Detecting Fake News with Python and Machine Learning

Context

The prevalence of fake news has increased with the recent rise of social media, especially the Facebook News Feed, and this misinformation is gradually seeping into the mainstream media. Several factors have been implicated in the spread of fake news, such as political polarization, post-truth politics, motivated reasoning, confirmation bias, and social media algorithms.
Fake news can reduce the impact of real news by competing with it. For example, a BuzzFeed analysis found that the top fake news stories about the 2016 U.S. presidential election received more engagement on Facebook than top stories from major media outlets. It also particularly has the potential to undermine trust in serious media coverage. The term has at times been used to cast doubt upon credible news.
Multiple strategies for fighting fake news are currently being actively researched, for various types of fake news. Politicians in certain autocratic and democratic countries have demanded effective self-regulation and legally-enforced regulation in varying forms, of social media and web search engines.
On an individual scale, the ability to actively confront false narratives, as well as taking care when sharing information can reduce the prevalence of falsified information, however, it has been noted that this is vulnerable to the effects of confirmation bias, motivated reasoning and other cognitive biases that can seriously distort reasoning, particularly in dysfunctional and polarized societies. Inoculation theory has been proposed as a method to render individuals resistant to undesirable narratives.

Key Terms

It is crucial, in order to proceed to become acquainted with certain key-terms that will be used throughout this article.

Python

Python is an interpreted, object-oriented, high-level programming language with dynamic semantics. Its high-level built in data structures, combined with dynamic typing and dynamic binding, make it very attractive for Rapid Application Development, as well as for use as a scripting or glue language to connect existing components together. Python's simple, easy to learn syntax emphasizes readability and therefore reduces the cost of program maintenance. Python supports modules and packages, which encourages program modularity and code reuse. The Python interpreter and the extensive standard library are available in source or binary form without charge for all major platforms, and can be freely distributed.

Machine Learning

Machine learning is an application of AI which provides the ability to system to learn things without being explicitly programmed. Machine learning works on data and it will learn through some data. Machine learning is very different from the traditional approach. In, Machine learning we fed the data, and the machine generates the algorithm. Machine learning has three types of learning

Supervised learning
Unsupervised learning
Reinforcement learning

Supervised learning means we trained our model with labeled examples so the machine first learns from those examples and then performs the task on unseen data.

Fake news

Fake news's simple meaning is to incorporate information that leads people to the wrong path. Nowadays fake news spreading like water and people share this information without verifying it. This is often done to further or impose certain ideas and is often achieved with political agendas.
For media outlets, the ability to attract viewers to their websites is necessary to generate online advertising revenue. So it is necessary to detect fake news.

TfidfVectorizer

The TfidfVectorizer is used when one wishes to convert a collection of raw documents into a matrix of TF and IDF features.

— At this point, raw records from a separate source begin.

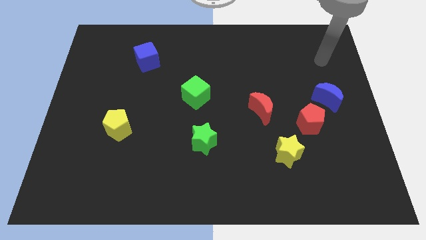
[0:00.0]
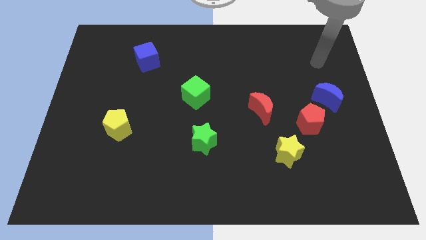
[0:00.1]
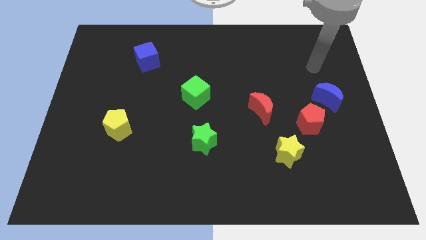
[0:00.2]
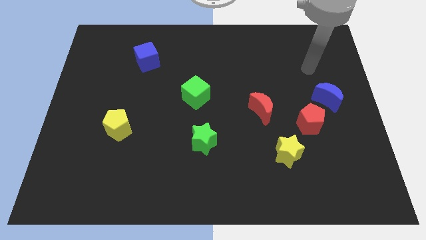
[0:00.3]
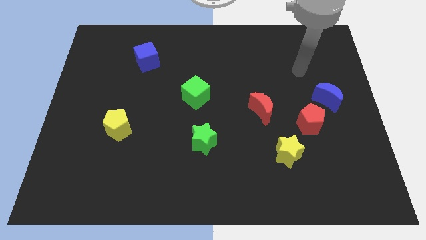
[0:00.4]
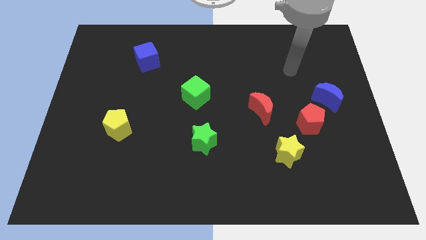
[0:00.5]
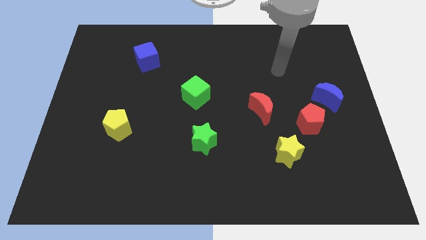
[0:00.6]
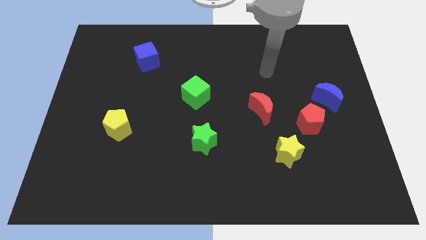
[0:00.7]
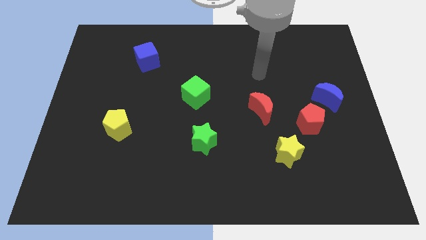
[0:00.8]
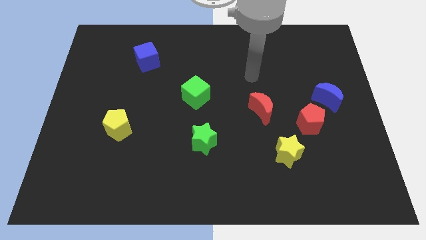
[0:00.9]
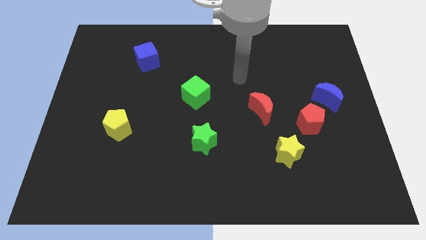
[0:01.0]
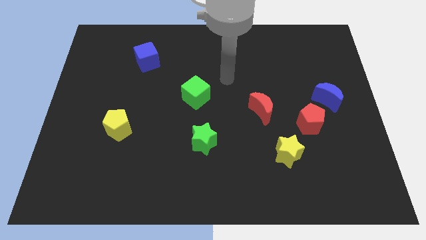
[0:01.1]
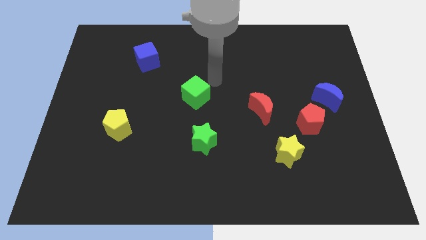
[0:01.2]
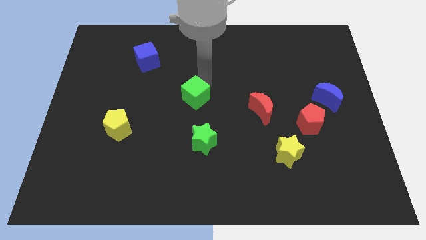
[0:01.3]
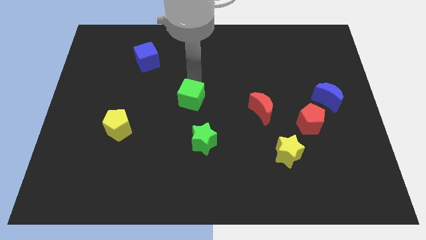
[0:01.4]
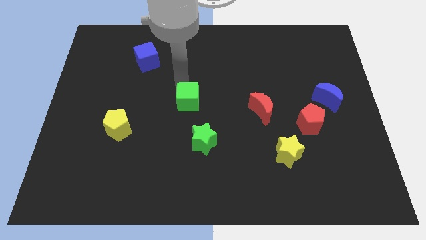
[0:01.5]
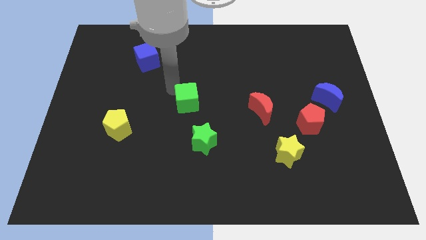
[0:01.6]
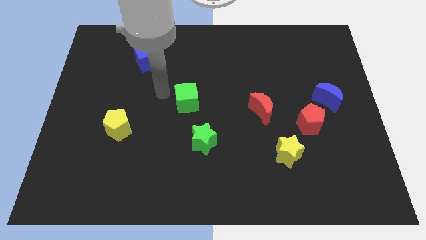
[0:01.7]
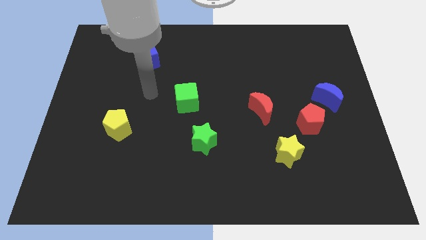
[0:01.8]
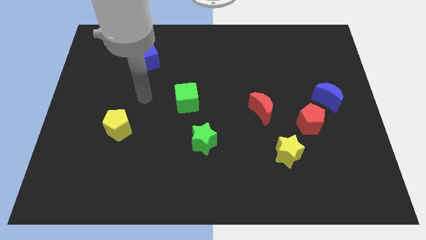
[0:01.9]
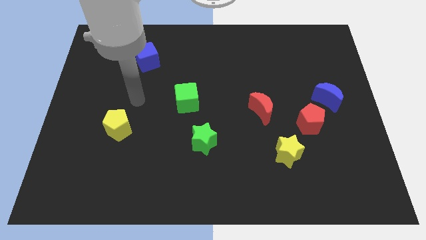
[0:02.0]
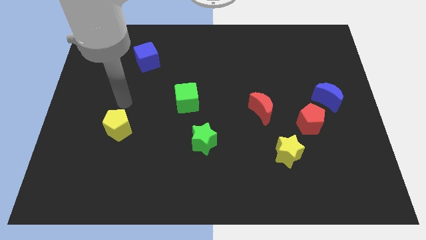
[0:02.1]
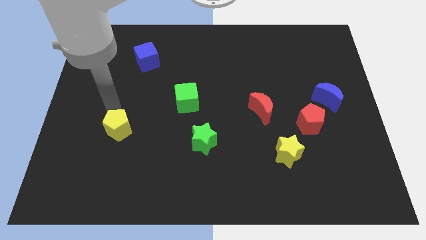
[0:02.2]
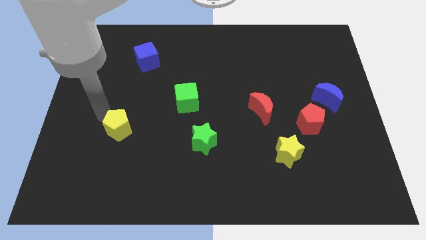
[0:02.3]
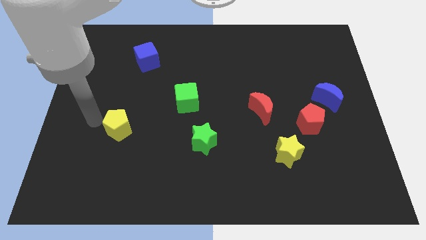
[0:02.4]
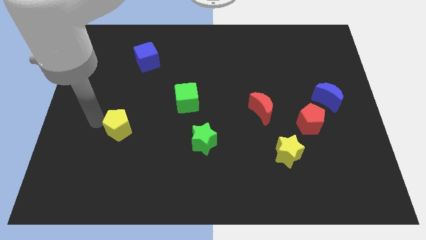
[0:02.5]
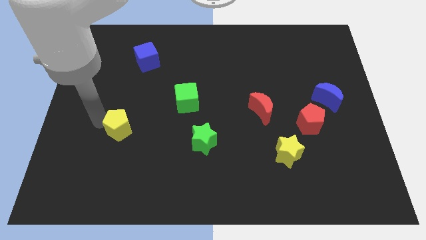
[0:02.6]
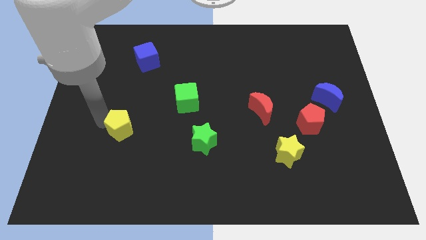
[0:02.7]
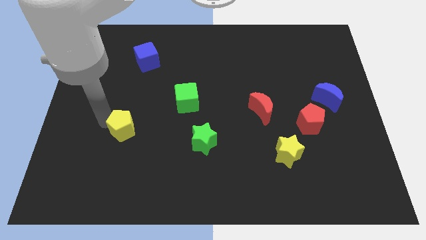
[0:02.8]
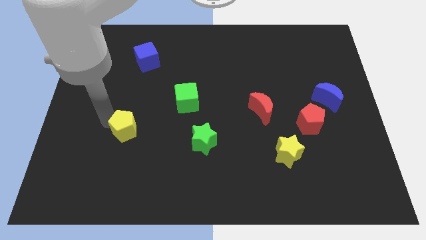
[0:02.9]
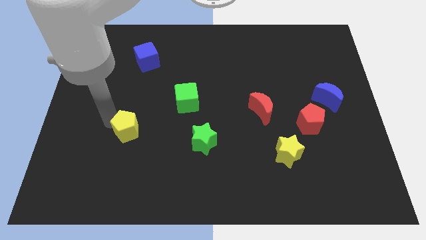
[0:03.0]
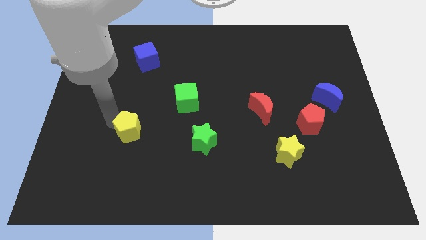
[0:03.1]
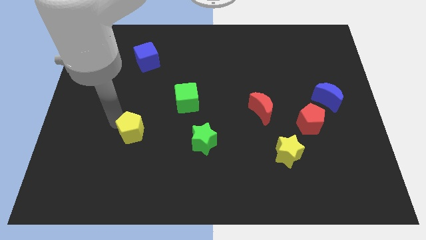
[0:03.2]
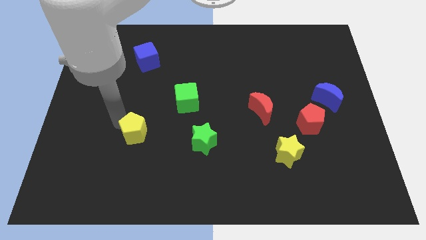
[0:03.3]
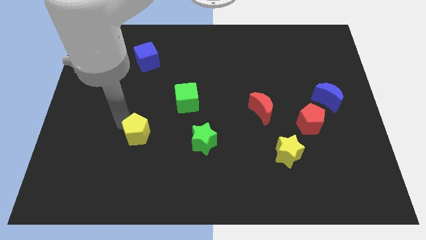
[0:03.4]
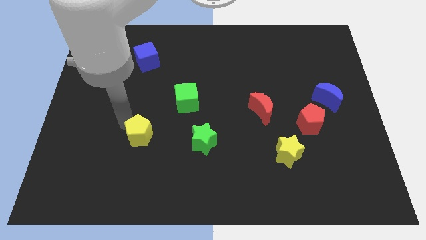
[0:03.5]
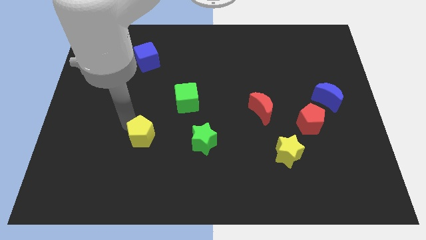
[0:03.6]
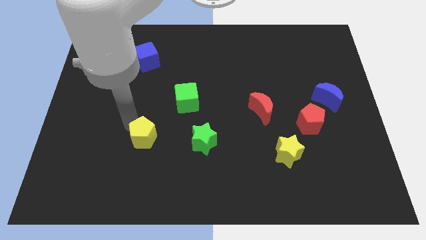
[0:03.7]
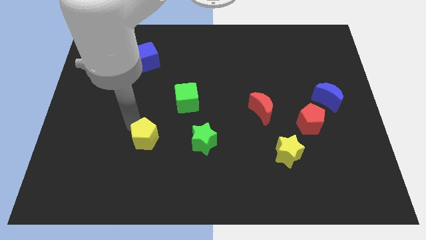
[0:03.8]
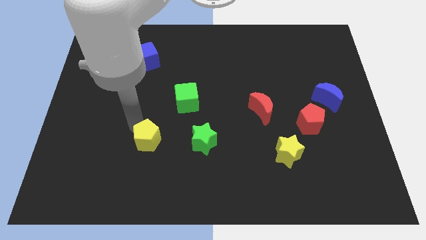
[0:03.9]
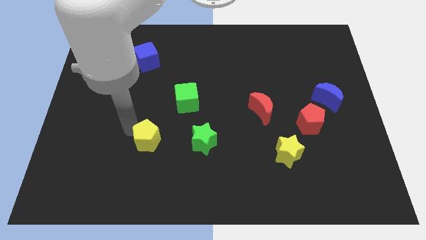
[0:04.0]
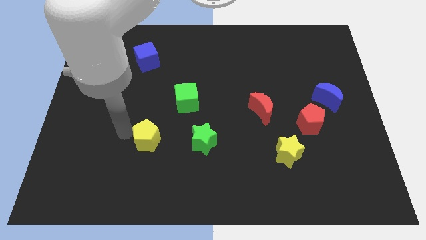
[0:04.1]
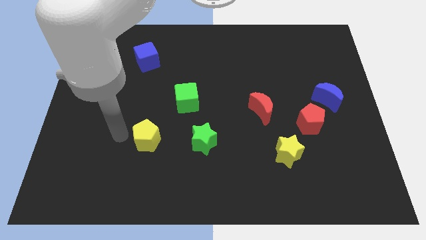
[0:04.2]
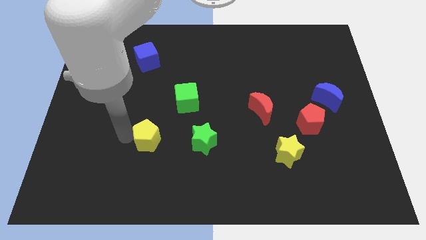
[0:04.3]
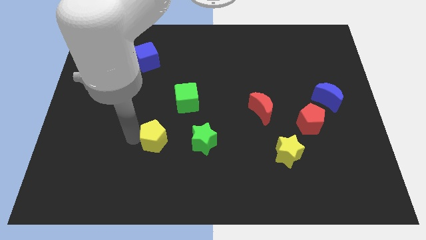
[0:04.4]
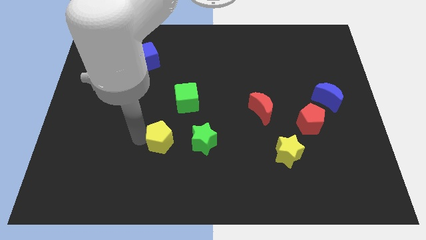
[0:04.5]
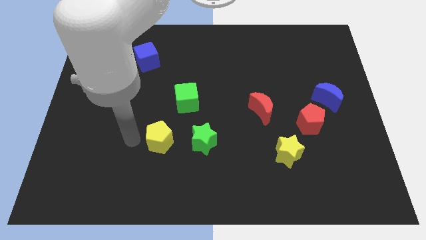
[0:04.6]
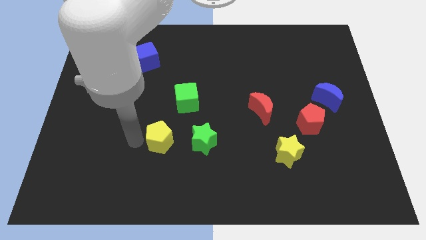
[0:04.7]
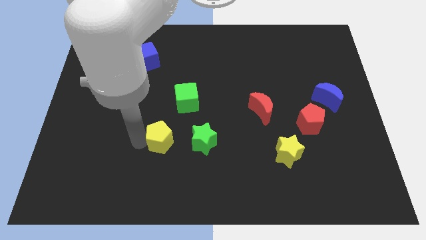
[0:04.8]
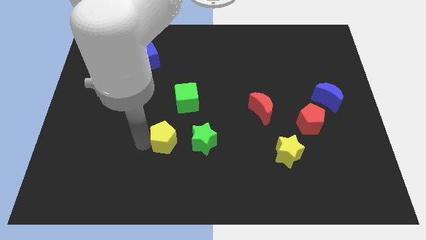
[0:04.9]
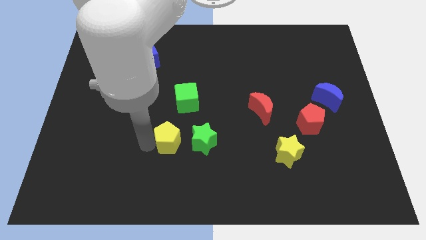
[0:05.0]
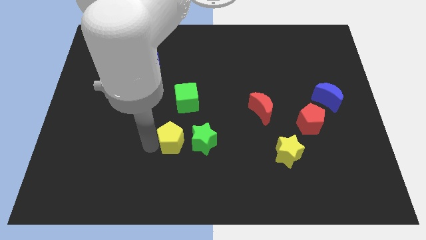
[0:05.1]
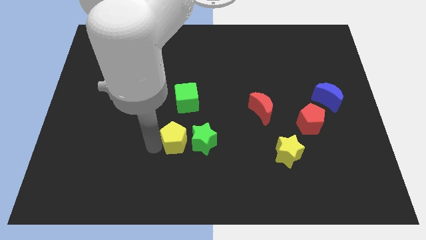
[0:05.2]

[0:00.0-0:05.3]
push the yellow pentagon close to the green star

IDF (Inverse Document Frequency)

The IDF is used as a measure of calculating how significant a word is in an entire corpus. To do so, it calculates how many times a word appears on a set of documents.

TF (Term Frequency)

The TF, unlike the IDF is the number of times a word appears in a single document.

Passive Aggressive Classifier

Passive Aggressive are considered algorithms that perform online learning (with for example twitter data). Their characteristic is that they remain passive when dealing with an outcome which has been correctly classified, and become aggressive when a miscalculation takes place, thus constantly self-updating and adjusting.

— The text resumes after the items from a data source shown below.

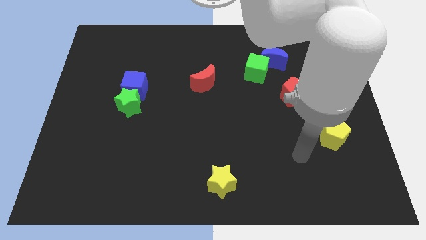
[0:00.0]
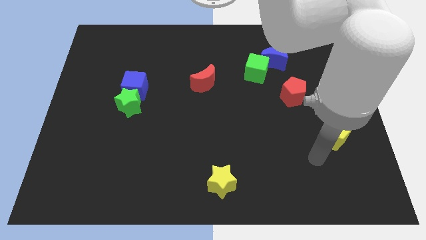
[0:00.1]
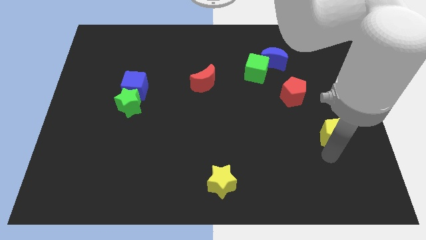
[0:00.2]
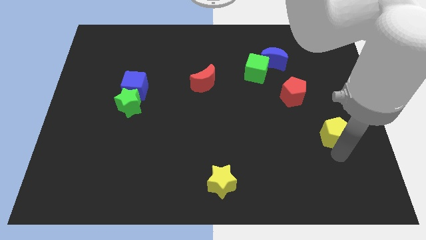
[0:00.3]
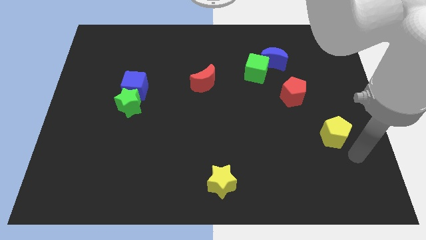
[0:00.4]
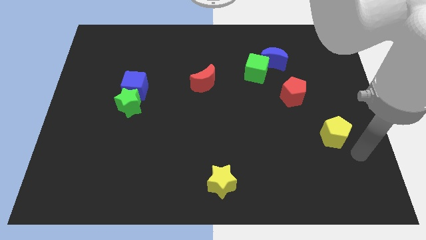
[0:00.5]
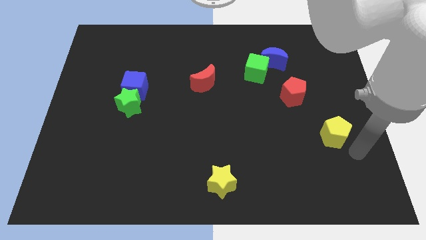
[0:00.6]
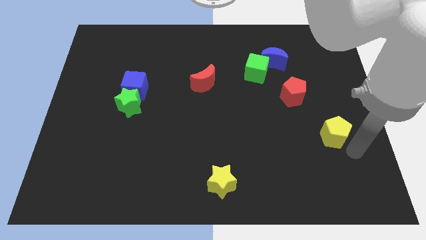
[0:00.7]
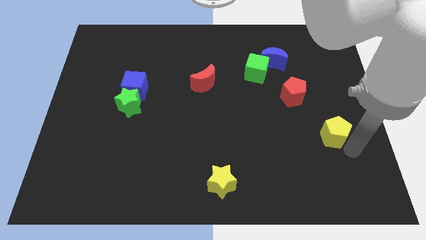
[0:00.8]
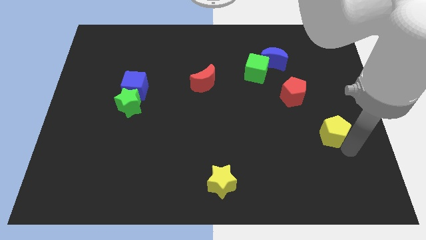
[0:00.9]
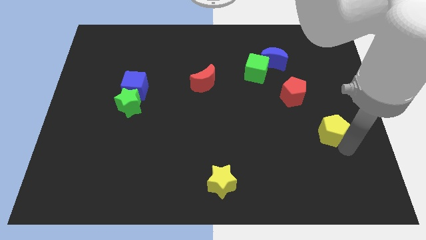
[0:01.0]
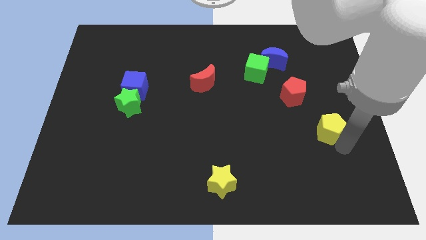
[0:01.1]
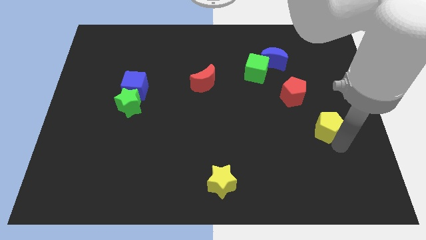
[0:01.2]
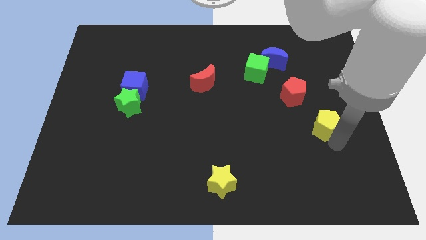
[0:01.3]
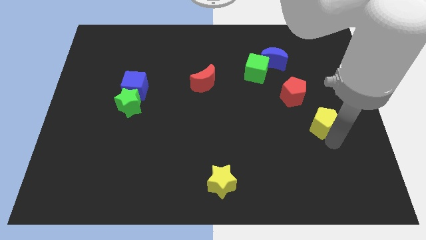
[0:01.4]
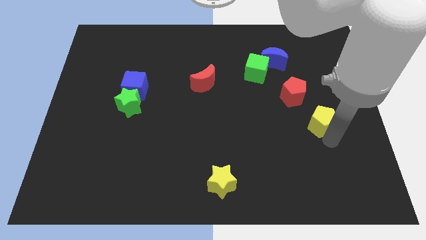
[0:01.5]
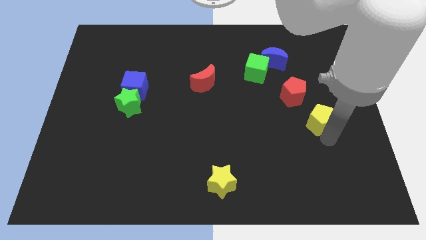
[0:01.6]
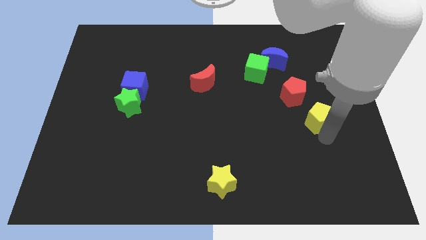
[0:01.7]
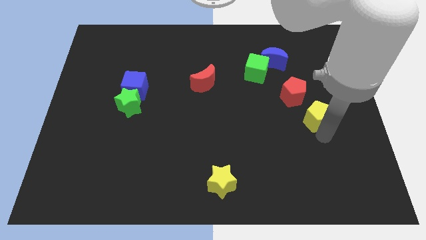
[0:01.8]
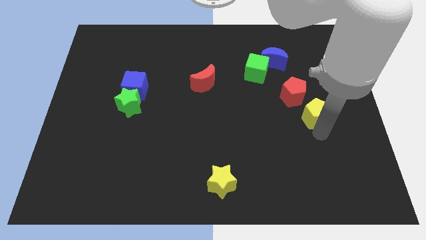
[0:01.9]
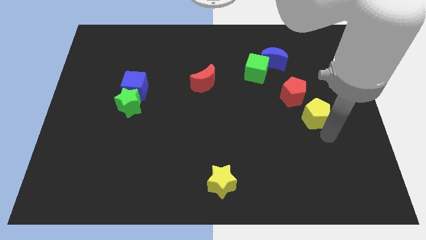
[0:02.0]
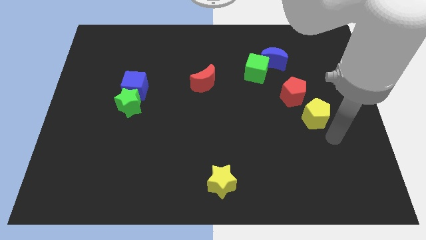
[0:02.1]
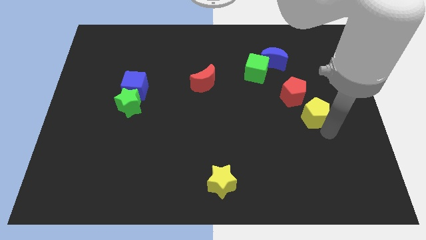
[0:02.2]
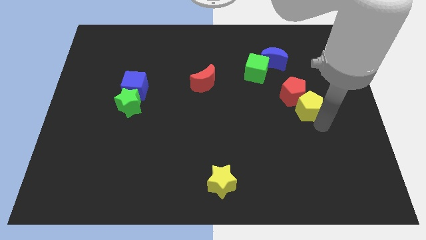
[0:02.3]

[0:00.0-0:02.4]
slide the yellow pentagon next to the red pentagon

Natural Language Processing

Machine learning data only works with numerical features so we have to convert text data into numerical columns. So we have to preprocess the text and that is called natural language processing.
In-text preprocess are carried out by steaming, lemmatization, remove stopwords, remove special symbols and numbers, etc. After cleaning the data we have to feed this text data into a vectorizer which will convert this text data into numerical features.

Cleaning Data

We can’t use text data directly because it has some unusable words and special symbols and many more things. If we used it directly without cleaning then it is very hard for the ML algorithm to detect patterns in that text and sometimes it will also generate an error. So that we have to always first clean text data.

Lemmatization:

Convert the word or token in its Base form.

Split the Data

Splitting the data is the most essential step in machine learning. We train our model on the trainset and test our data on the testing set. We split our data in train and test using the train_test_split function from Scikit learn.

Libraries

Maybe you should install at least one of the following libraries in Python. They should be installed with pip:
pip3 install pandas
pip3 install sklearn
pip3 install numpy

Classification Metrics

To check how well our model we use some metrics to find the accuracy of our model. There are many types of classification metrics available in Scikit learn

Confusion Matrix
Accuracy Score
Precision
Recall
F1-Score

Confusion matrix:

Basically this metrics how many results are correctly predicted and how many results are not correctly predicted

Accuracy Score:

It is the number of correct prediction over the total no. of predictions

Conclusions

We are in the era of Machine Learning. One of the great thing about it, is that while it is extremely difficult to preprocess date and train a model, it is fine tune it and obtain state of art results on your dataset.
More complex and efficient methods could be surely applied to datasets, for example using the entire text or extracting different features.